• **DATASET EXCERPTS**:
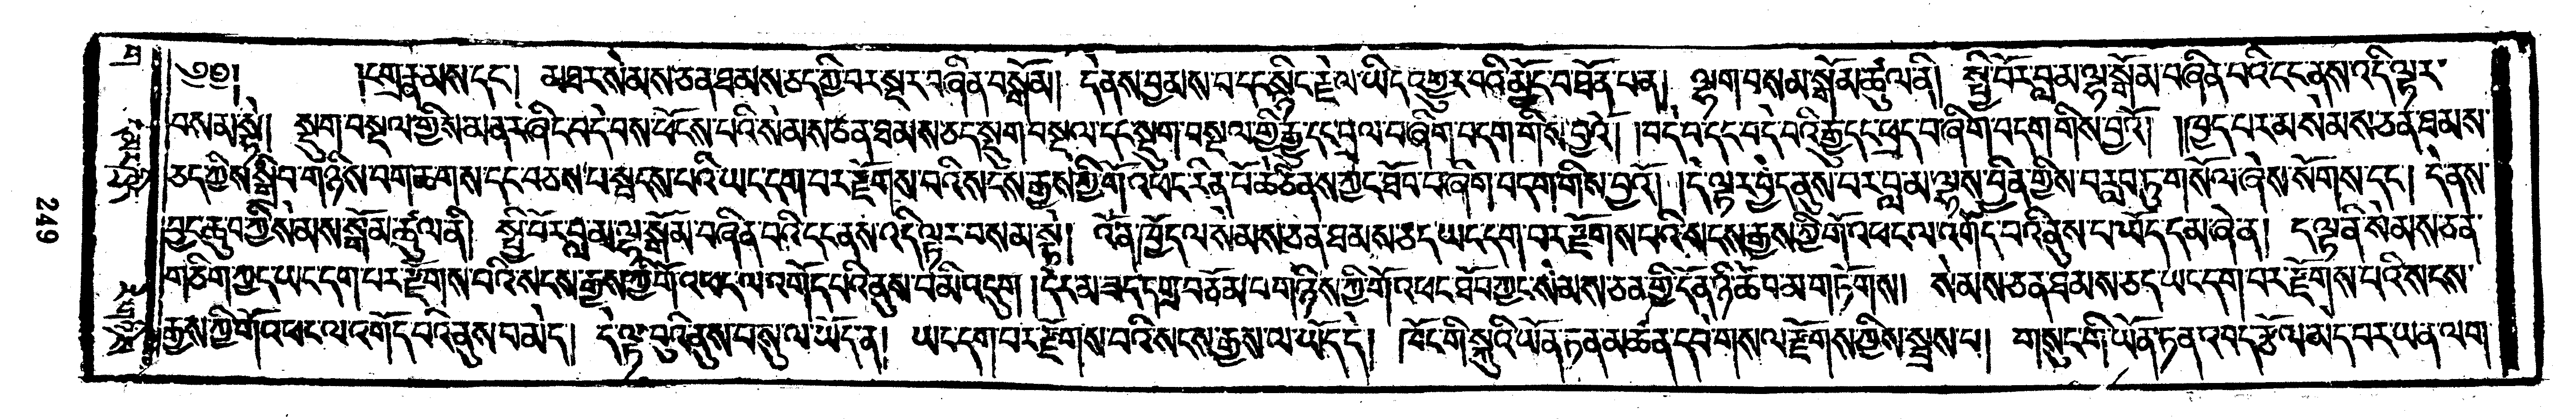༄༅། །དགྲ་རྣམས་དང་། མཐར་སེམས་ཅན་ཐམས་ཅད་ཀྱི་བར་སྔར་བཞིན་བསྒོམ། དེ་ནས་བྱམས་པ་དང་སྙིང་རྗེ་ལ་ཡིད་འགྱུར་བའི་མྱོང་བ་ཐོན་པ་ན། ལྷག་བསམ་བསྒོམ་ཚུལ་ནི། སྤྱི་བོར་བླ་མ་ལྷ་སྒོམ་བཞིན་པའི་ངང་ནས་འདི་ལྟར་
བསམ་སྟེ། སྡུག་བསྔལ་གྱིས་མནར་ཞིང་བདེ་བས་ཕོངས་པའི་སེམས་ཅན་ཐམས་ཅད་སྡུག་བསྔལ་དང་སྡུག་བསྔལ་གྱི་རྒྱུ་དང་བྲལ་བ་ཞིག་བདག་གིས་བྱའོ། །བདེ་བ་དང་བདེ་བའི་རྒྱུ་དང་ཕྲད་བ་ཞིག་བདག་གིས་བྱའོ། །ཁྱད་པར་མ་སེམས་ཅན་ཐམས་
ཅད་ཀྱིས་སྒྲིབ་གཉིས་བག་ཆགས་དང་བཅས་པ་སྤངས་པའི་ཡང་དག་པར་རྫོགས་པའི་སངས་རྒྱས་ཀྱི་གོ་འཕང་རིན་པོ་ཆེ་ཅི་ནས་ཀྱང་ཐོབ་པ་ཞིག་བདག་གིས་བྱའོ། །དེ་ལྟར་བྱེད་ནུས་པར་བླ་མ་ལྷས་བྱིན་གྱིས་བརླབ་ཏུ་གསོལ་ཞེས་སོགས་དང་། དེ་ནས་
བྱང་ཆུབ་ཀྱི་སེམས་སྒོམ་ཚུལ་ནི། སྤྱི་བོར་བླ་མ་ལྷ་སྒོམ་བཞིན་པའི་དང་ནས་འདི་ལྟར་བསམ་སྟེ། འོ་ན་ཁྱོད་ལ་སེམས་ཅན་ཐམས་ཅད་ཡང་དག་པར་རྫོགས་པའི་སངས་རྒྱས་ཀྱི་གོ་འཕང་ལ་འགོད་པའི་ནུས་པ་ཡོད་དམ་ཞེ་ན། ད་ལྟ་ནི་སེམས་ཅན་
གཅིག་ཀྱང་ཡང་དག་པར་རྫོགས་པའི་སངས་རྒྱས་ཀྱི་གོ་འཕང་ལ་འགོད་པའི་ནུས་པ་མི་འདུག །དེར་མ་ཟད་དགྲ་བཅོམ་པ་གཉིས་ཀྱི་གོ་འཕང་ཐོབ་ཀྱང་སེམས་ཅན་གྱི་དོན་ཉི་ཚེ་བ་མ་གཏོགས། སེམས་ཅན་ཐམས་ཅད་ཡང་དག་པར་རྫོགས་པའི་སངས་
རྒྱས་ཀྱི་གོ་འཕང་ལ་འགོད་པའི་ནུས་པ་མེད། དེ་ལྟ་བུའི་ནུས་པ་སུ་ལ་ཡོད་ན། ཡང་དག་པར་རྫོགས་པའི་སངས་རྒྱས་ལ་ཡོད་དེ། ཁོང་གི་སྐུའི་ཡོན་ཏན་མཚན་དབེ་གསལ་རྫོགས་ཀྱིས་སྤྲས་པ། གསུང་གི་ཡོན་ཏན་འབད་རྩོལ་མེད་པར་ཡན་ལག་

• **WORK TO COMPLETE**: Every line of the listing is to be retyped exactly; pictures stay out.

• **RESPONSE AREA**:
༄༅། །དགྲ་རྣམས་དང་། མཐར་སེམས་ཅན་ཐམས་ཅད་ཀྱི་བར་སྔར་བཞིན་བསྒོམ། དེ་ནས་བྱམས་པ་དང་སྙིང་རྗེ་ལ་ཡིད་འགྱུར་བའི་མྱོང་བ་ཐོན་པ་ན། ལྷག་བསམ་བསྒོམ་ཚུལ་ནི། སྤྱི་བོར་བླ་མ་ལྷ་སྒོམ་བཞིན་པའི་ངང་ནས་འདི་ལྟར་
བསམ་སྟེ། སྡུག་བསྔལ་གྱིས་མནར་ཞིང་བདེ་བས་ཕོངས་པའི་སེམས་ཅན་ཐམས་ཅད་སྡུག་བསྔལ་དང་སྡུག་བསྔལ་གྱི་རྒྱུ་དང་བྲལ་བ་ཞིག་བདག་གིས་བྱའོ། །བདེ་བ་དང་བདེ་བའི་རྒྱུ་དང་ཕྲད་བ་ཞིག་བདག་གིས་བྱའོ། །ཁྱད་པར་མ་སེམས་ཅན་ཐམས་
ཅད་ཀྱིས་སྒྲིབ་གཉིས་བག་ཆགས་དང་བཅས་པ་སྤངས་པའི་ཡང་དག་པར་རྫོགས་པའི་སངས་རྒྱས་ཀྱི་གོ་འཕང་རིན་པོ་ཆེ་ཅི་ནས་ཀྱང་ཐོབ་པ་ཞིག་བདག་གིས་བྱའོ། །དེ་ལྟར་བྱེད་ནུས་པར་བླ་མ་ལྷས་བྱིན་གྱིས་བརླབ་ཏུ་གསོལ་ཞེས་སོགས་དང་། དེ་ནས་
བྱང་ཆུབ་ཀྱི་སེམས་སྒོམ་ཚུལ་ནི། སྤྱི་བོར་བླ་མ་ལྷ་སྒོམ་བཞིན་པའི་དང་ནས་འདི་ལྟར་བསམ་སྟེ། འོ་ན་ཁྱོད་ལ་སེམས་ཅན་ཐམས་ཅད་ཡང་དག་པར་རྫོགས་པའི་སངས་རྒྱས་ཀྱི་གོ་འཕང་ལ་འགོད་པའི་ནུས་པ་ཡོད་དམ་ཞེ་ན། ད་ལྟ་ནི་སེམས་ཅན་
གཅིག་ཀྱང་ཡང་དག་པར་རྫོགས་པའི་སངས་རྒྱས་ཀྱི་གོ་འཕང་ལ་འགོད་པའི་ནུས་པ་མི་འདུག །དེར་མ་ཟད་དགྲ་བཅོམ་པ་གཉིས་ཀྱི་གོ་འཕང་ཐོབ་ཀྱང་སེམས་ཅན་གྱི་དོན་ཉི་ཚེ་བ་མ་གཏོགས། སེམས་ཅན་ཐམས་ཅད་ཡང་དག་པར་རྫོགས་པའི་སངས་
རྒྱས་ཀྱི་གོ་འཕང་ལ་འགོད་པའི་ནུས་པ་མེད། དེ་ལྟ་བུའི་ནུས་པ་སུ་ལ་ཡོད་ན། ཡང་དག་པར་རྫོགས་པའི་སངས་རྒྱས་ལ་ཡོད་དེ། ཁོང་གི་སྐུའི་ཡོན་ཏན་མཚན་དབེ་གསལ་རྫོགས་ཀྱིས་སྤྲས་པ། གསུང་གི་ཡོན་ཏན་འབད་རྩོལ་མེད་པར་ཡན་ལག་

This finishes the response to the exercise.